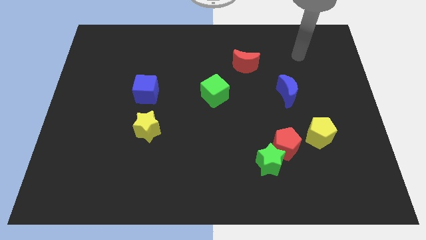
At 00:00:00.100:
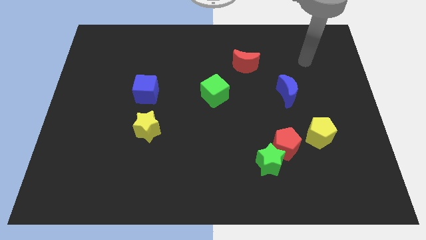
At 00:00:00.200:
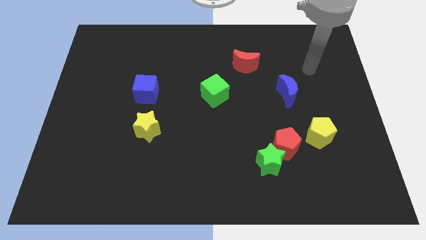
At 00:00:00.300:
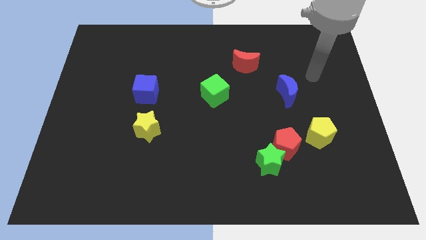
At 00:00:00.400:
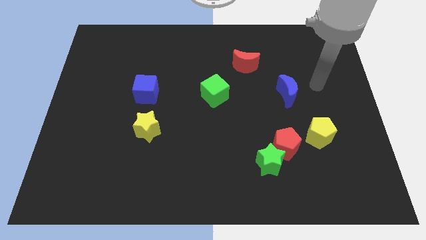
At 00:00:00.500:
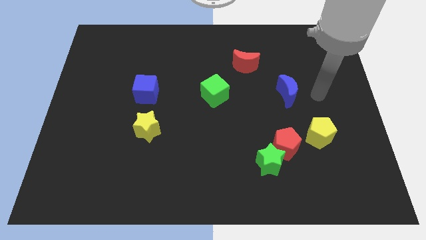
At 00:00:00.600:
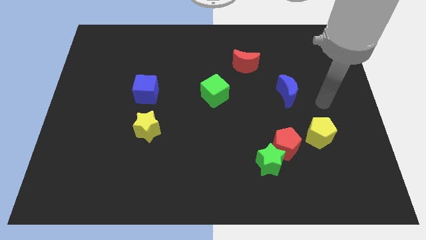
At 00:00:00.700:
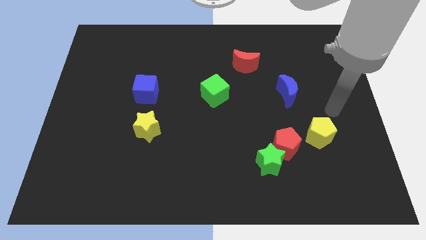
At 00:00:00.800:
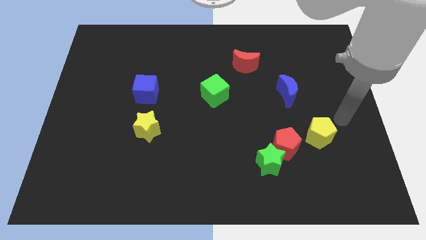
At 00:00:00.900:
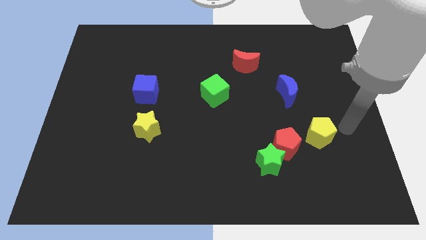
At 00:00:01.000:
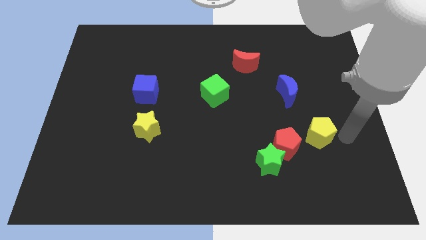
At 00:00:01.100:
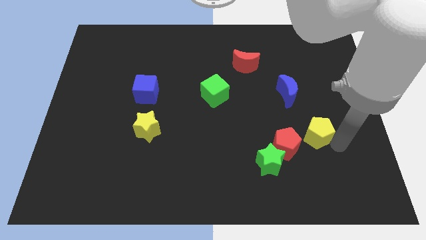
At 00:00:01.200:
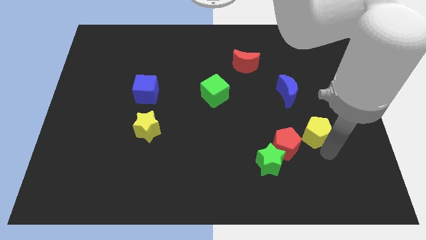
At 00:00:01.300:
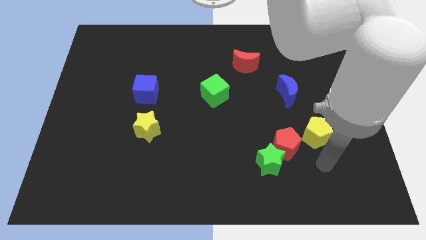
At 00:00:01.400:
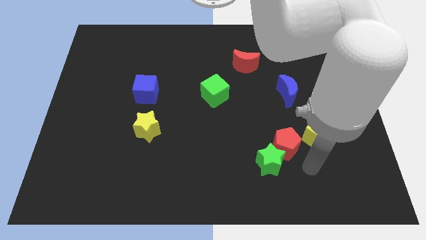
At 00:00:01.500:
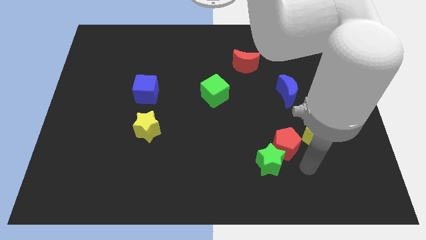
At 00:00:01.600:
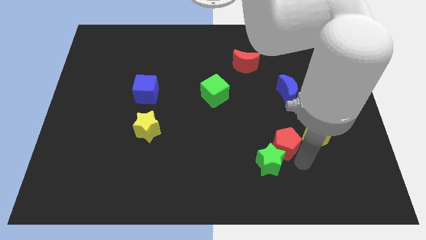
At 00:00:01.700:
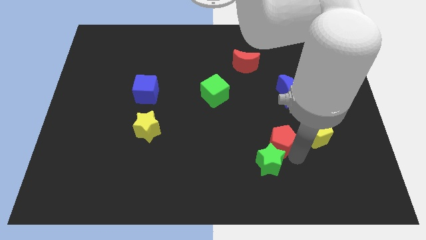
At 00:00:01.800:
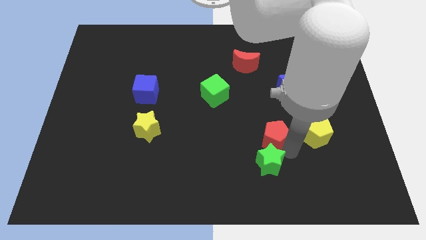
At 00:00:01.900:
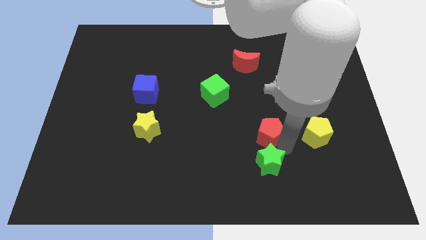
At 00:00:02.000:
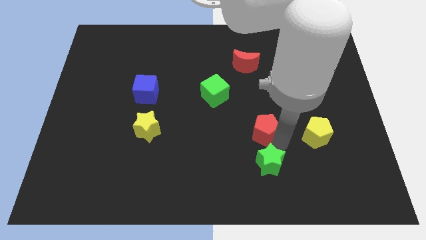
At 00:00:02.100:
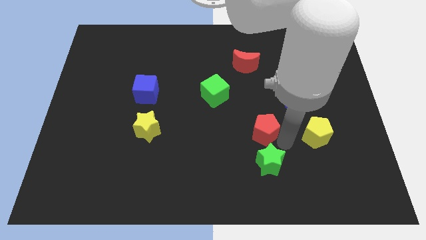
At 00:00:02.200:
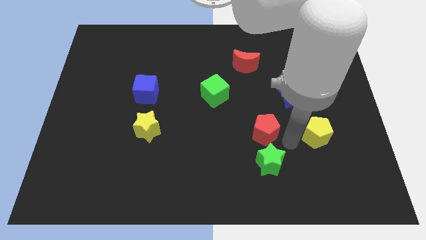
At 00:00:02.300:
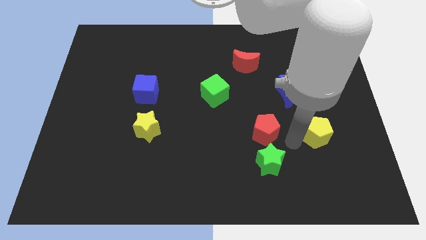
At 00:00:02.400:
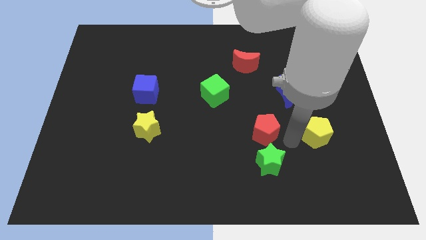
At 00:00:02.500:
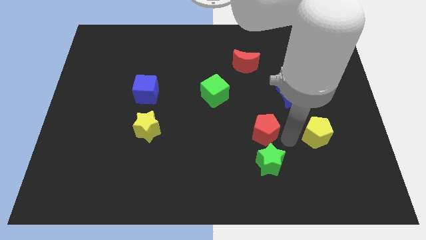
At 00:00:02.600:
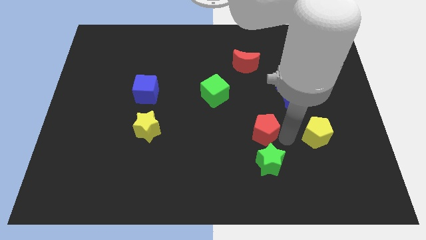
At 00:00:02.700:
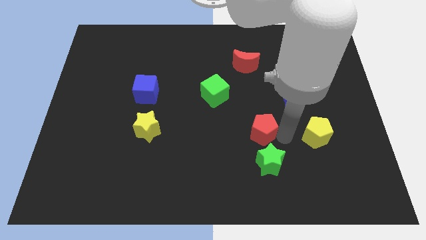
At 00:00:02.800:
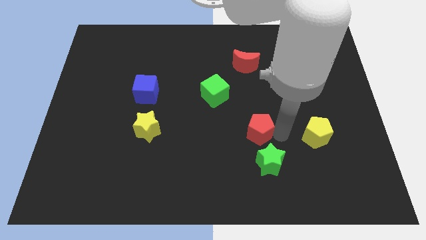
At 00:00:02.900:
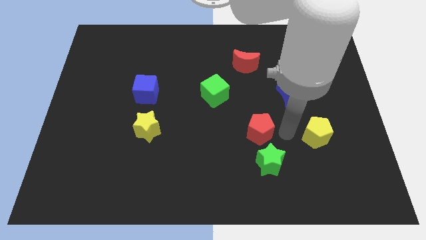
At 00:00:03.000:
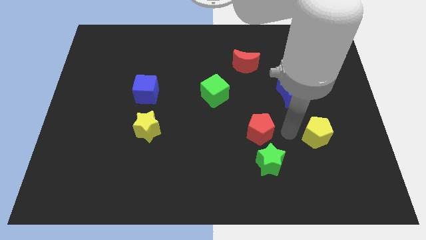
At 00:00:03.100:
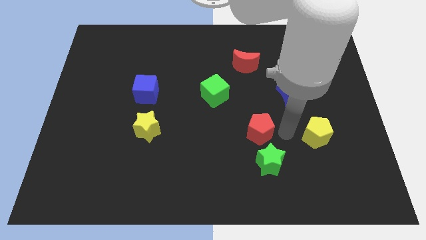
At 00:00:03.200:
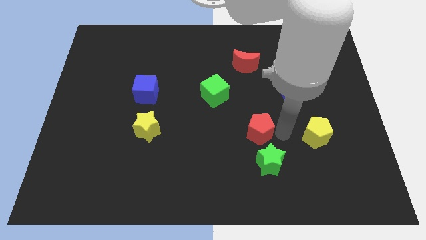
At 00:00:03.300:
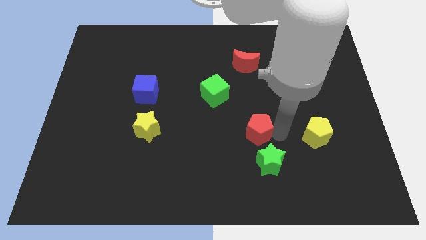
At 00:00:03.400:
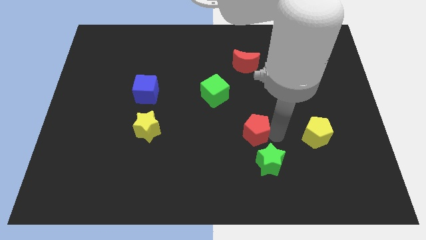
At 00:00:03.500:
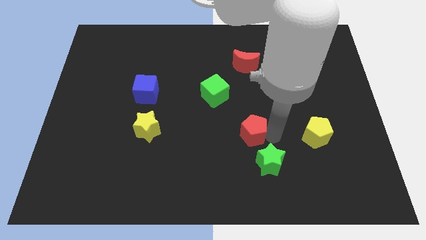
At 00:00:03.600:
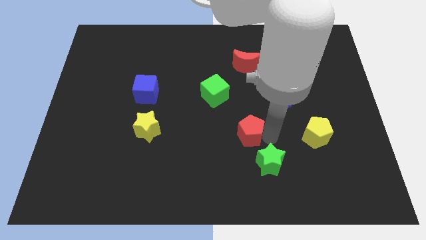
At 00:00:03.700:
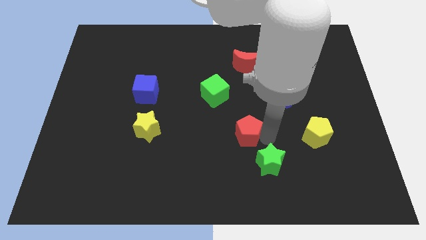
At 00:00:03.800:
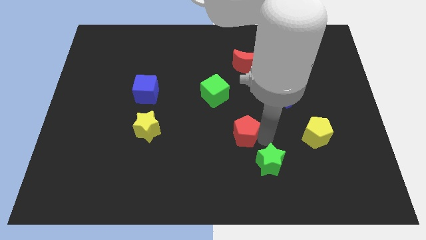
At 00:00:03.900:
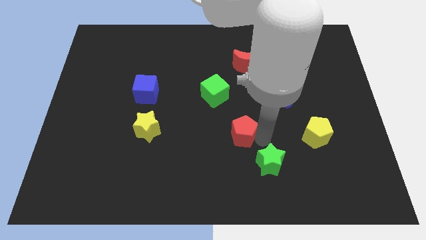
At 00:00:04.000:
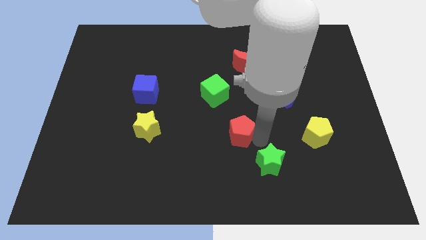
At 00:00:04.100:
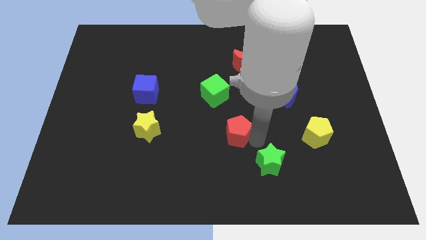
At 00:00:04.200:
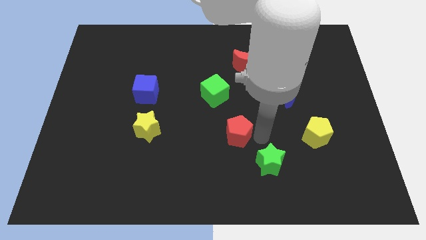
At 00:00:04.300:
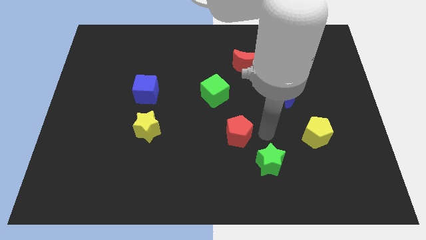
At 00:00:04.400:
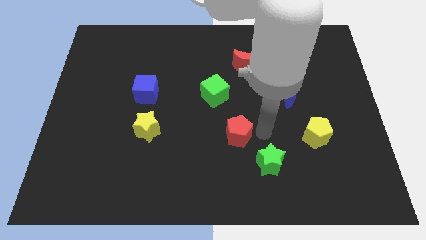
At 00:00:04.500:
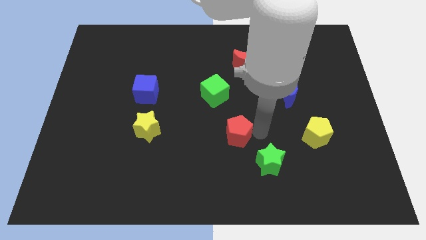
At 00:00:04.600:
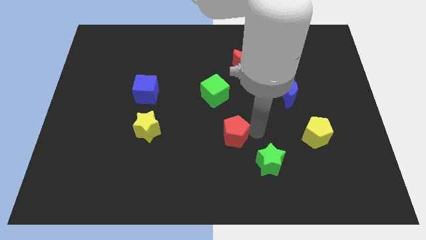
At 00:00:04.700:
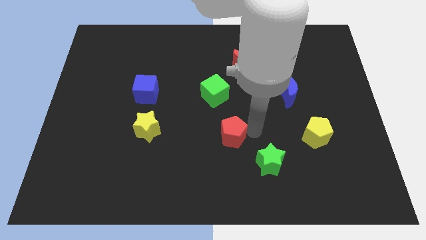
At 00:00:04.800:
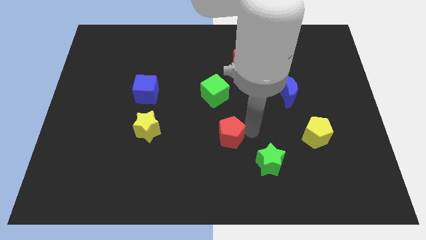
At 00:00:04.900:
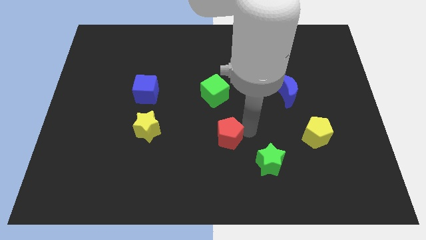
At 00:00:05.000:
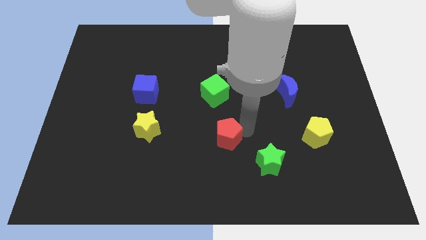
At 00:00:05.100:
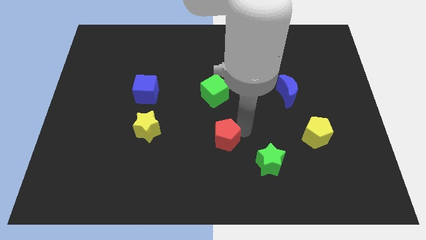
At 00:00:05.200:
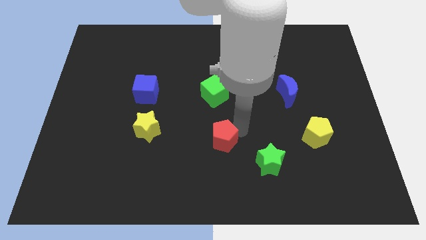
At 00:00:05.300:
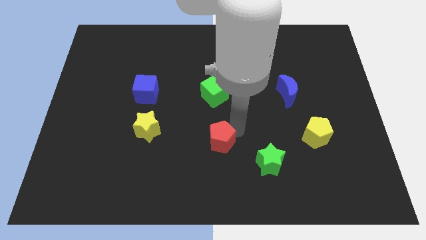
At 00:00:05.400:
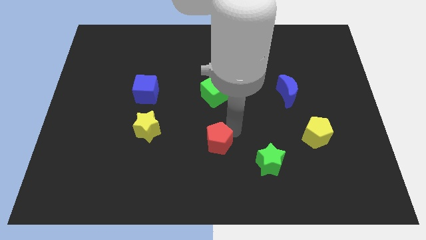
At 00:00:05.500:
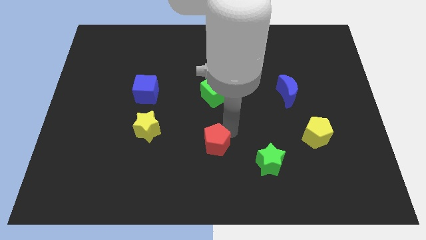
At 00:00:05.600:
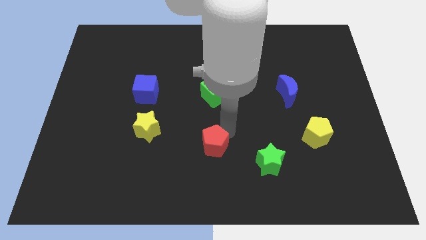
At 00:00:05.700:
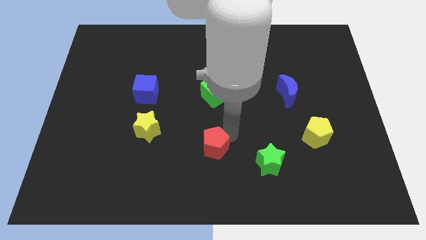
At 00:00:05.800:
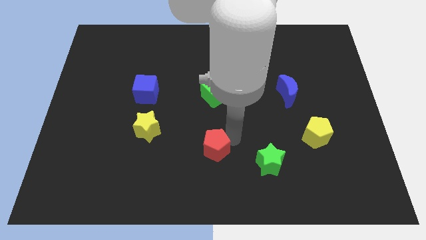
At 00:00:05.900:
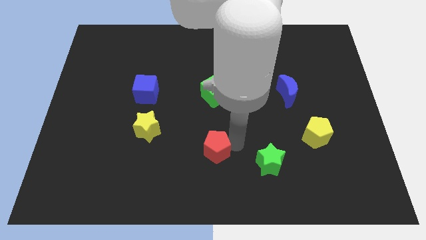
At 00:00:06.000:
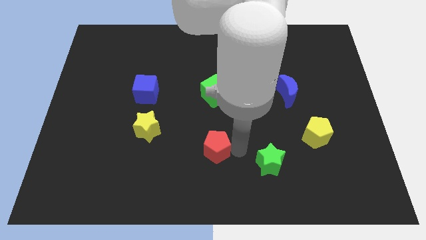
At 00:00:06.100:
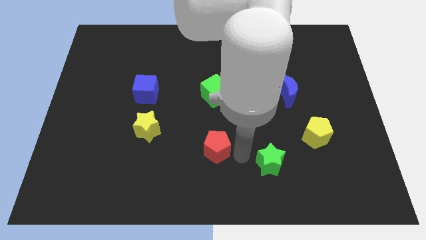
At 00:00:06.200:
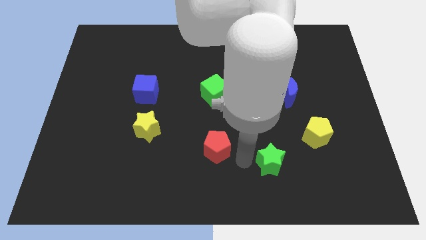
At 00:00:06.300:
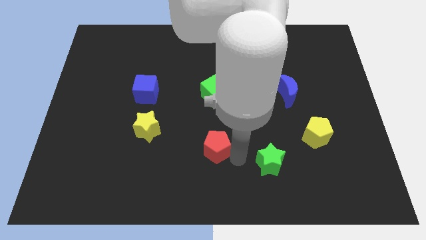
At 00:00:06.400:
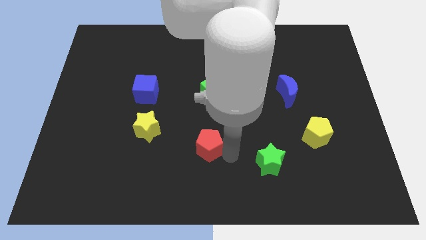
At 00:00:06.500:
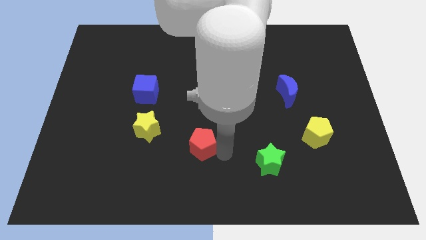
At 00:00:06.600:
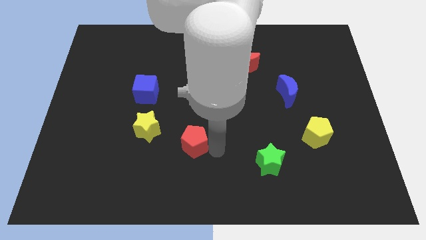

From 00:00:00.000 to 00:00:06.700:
slide the red pentagon left

PROBLEM DETAILS:
An exact copy of all the data above is required; omit any pictures.

PROBLEM SOLUTION:
At 00:00:00.100:
At 00:00:00.200:
At 00:00:00.300:
At 00:00:00.400:
At 00:00:00.500:
At 00:00:00.600:
At 00:00:00.700:
At 00:00:00.800:
At 00:00:00.900:
At 00:00:01.000:
At 00:00:01.100:
At 00:00:01.200:
At 00:00:01.300:
At 00:00:01.400:
At 00:00:01.500:
At 00:00:01.600:
At 00:00:01.700:
At 00:00:01.800:
At 00:00:01.900:
At 00:00:02.000:
At 00:00:02.100:
At 00:00:02.200:
At 00:00:02.300:
At 00:00:02.400:
At 00:00:02.500:
At 00:00:02.600:
At 00:00:02.700:
At 00:00:02.800:
At 00:00:02.900:
At 00:00:03.000:
At 00:00:03.100:
At 00:00:03.200:
At 00:00:03.300:
At 00:00:03.400:
At 00:00:03.500:
At 00:00:03.600:
At 00:00:03.700:
At 00:00:03.800:
At 00:00:03.900:
At 00:00:04.000:
At 00:00:04.100:
At 00:00:04.200:
At 00:00:04.300:
At 00:00:04.400:
At 00:00:04.500:
At 00:00:04.600:
At 00:00:04.700:
At 00:00:04.800:
At 00:00:04.900:
At 00:00:05.000:
At 00:00:05.100:
At 00:00:05.200:
At 00:00:05.300:
At 00:00:05.400:
At 00:00:05.500:
At 00:00:05.600:
At 00:00:05.700:
At 00:00:05.800:
At 00:00:05.900:
At 00:00:06.000:
At 00:00:06.100:
At 00:00:06.200:
At 00:00:06.300:
At 00:00:06.400:
At 00:00:06.500:
At 00:00:06.600:

From 00:00:00.000 to 00:00:06.700:
slide the red pentagon left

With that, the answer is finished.